General characteristics
- Type: Aviso
- Displacement: 3,430 long tons (3,490 t)
- Length: 115 m (377 ft 4 in) (lwl); 135 m (442 ft 11 in) (o/a);
- Beam: 13.5 m (44 ft 3 in)
- Draft: 4.20 m (13 ft 9 in)
- Installed power: 2 × Benson-high-pressure steam boiler; 22,000 shaft horsepower (16,000 kW);
- Propulsion: 2 × geared turbines; 2 × screw propellers;
- Speed: 26 knots (48 km/h; 30 mph)
- Range: 9,500 nmi (17,600 km; 10,900 mi)
- Complement: 248
- Armament: 3 × 12.7 cm (5 in) SK C/34 guns; 4 × 3.7 cm (1.5 in) SK C/30 anti-aircraft guns; 4 × 2 cm (0.79 in) C/30 anti-aircraft guns; Storage for 228 mines;

= German aviso Grille =

Adolf Hitler's yacht

Grille was an aviso built in Nazi Germany for the Kriegsmarine (War Navy) in the mid-1930s for use as a state yacht by Adolf Hitler and other leading individuals in the Nazi regime. The ship received a light armament of three 12.7 cm guns and was fitted to be capable of serving as an auxiliary minelayer. Completed in 1935, her experimental high-pressure steam turbines, which were installed to test them before they were used in destroyers, required significant modifications and the ship finally entered service in 1937. Over the next two years, she was used in a variety of roles, including as a training vessel and a target ship, in addition to her duties as a yacht.
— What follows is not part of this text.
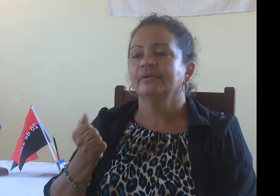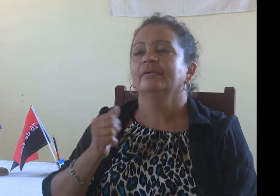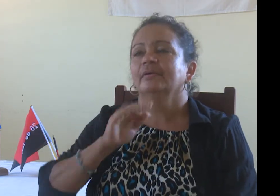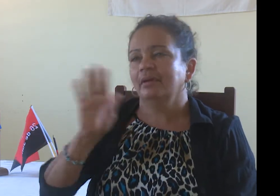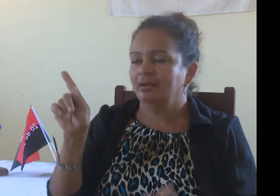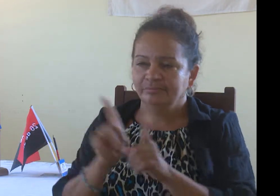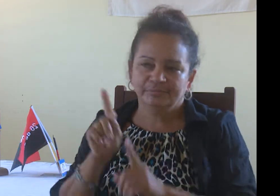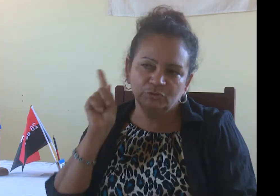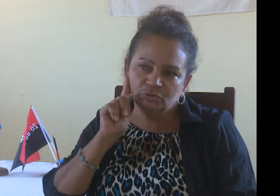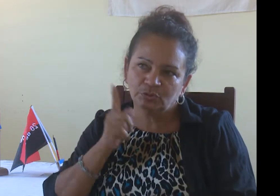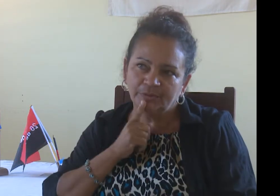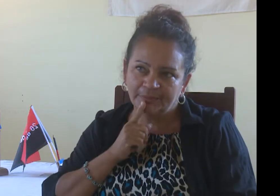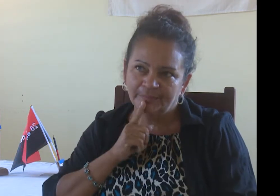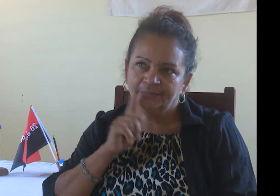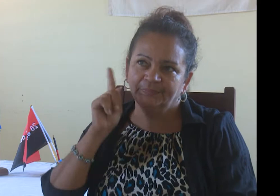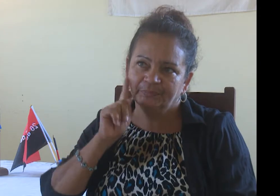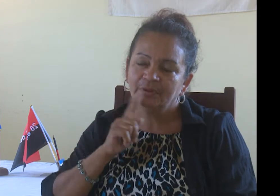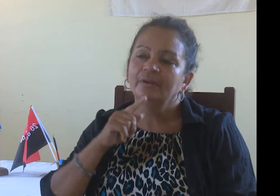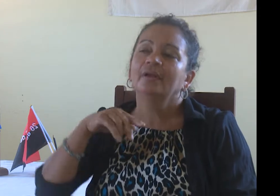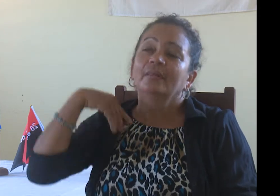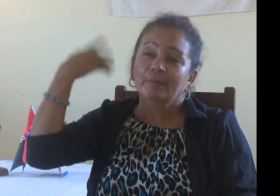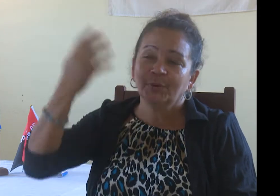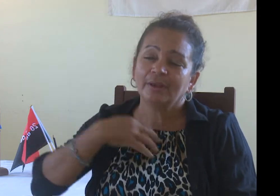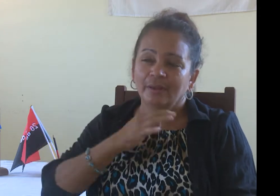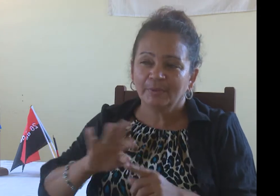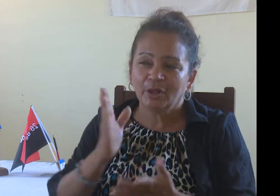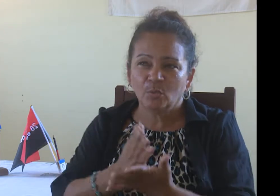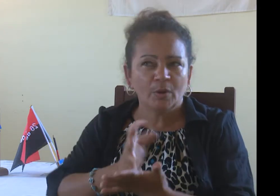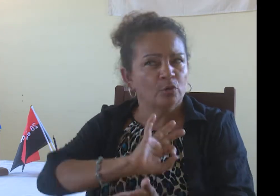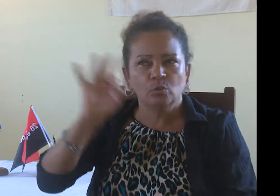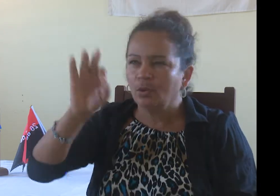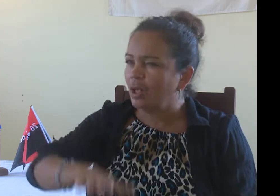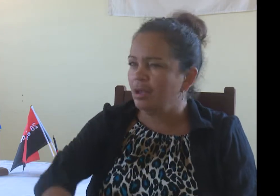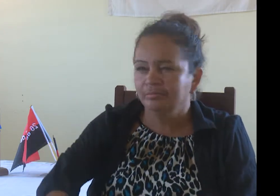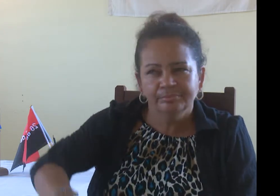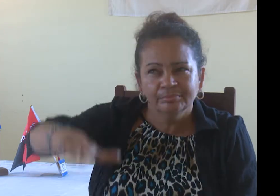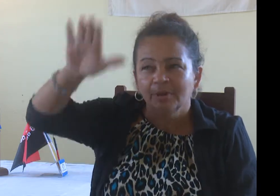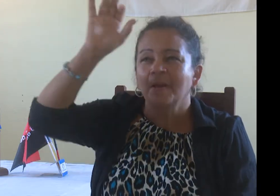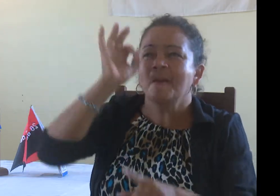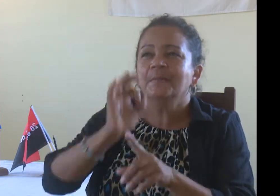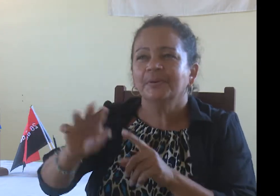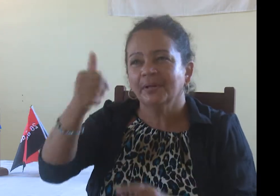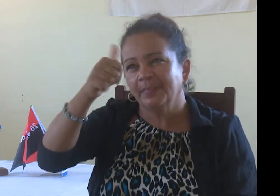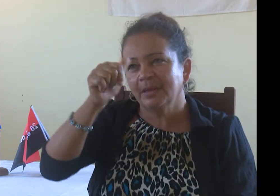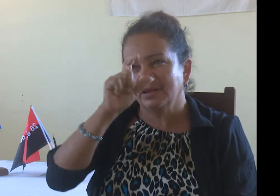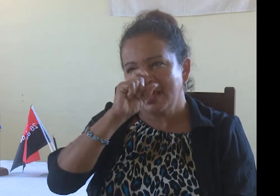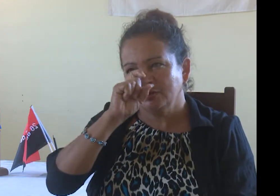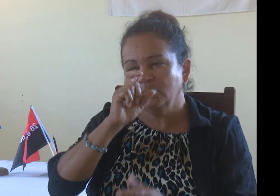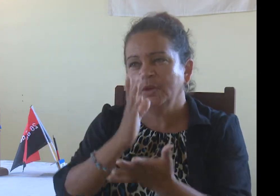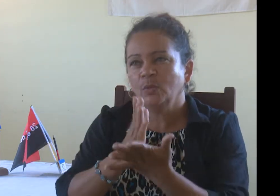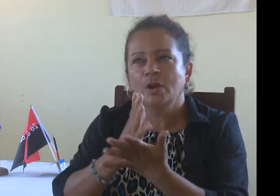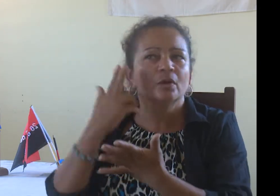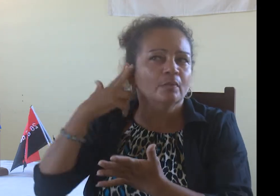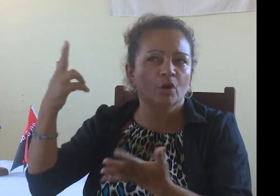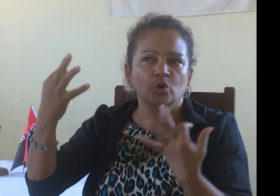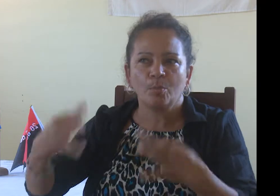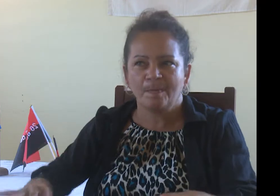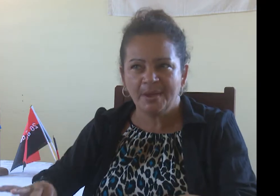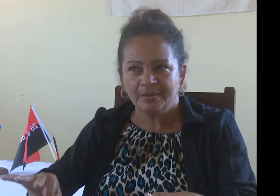me suministraron canamicina. A partir de ahí ya me comenzó la

After the start of World War II in September 1939, Grille was used as a minelayer and as a patrol vessel in the Baltic Sea, tasked with searching for enemy merchant vessels. She collided with a German transport ship in January 1940 and after repairs, resumed minelaying duties in the North Sea, thereafter being used as a gunnery training ship. She was briefly assigned to the minelaying unit tasked with supporting Operation Sea Lion in September before the planned invasion of Britain was cancelled, and she was reassigned to the Baltic during Operation Barbarossa, the German invasion of the Soviet Union in June 1941. Gunnery training duties followed from August 1941 until March 1942, when she was reduced to a headquarters ship for the commander of naval forces based in occupied Norway; she served in this capacity for the rest of the war.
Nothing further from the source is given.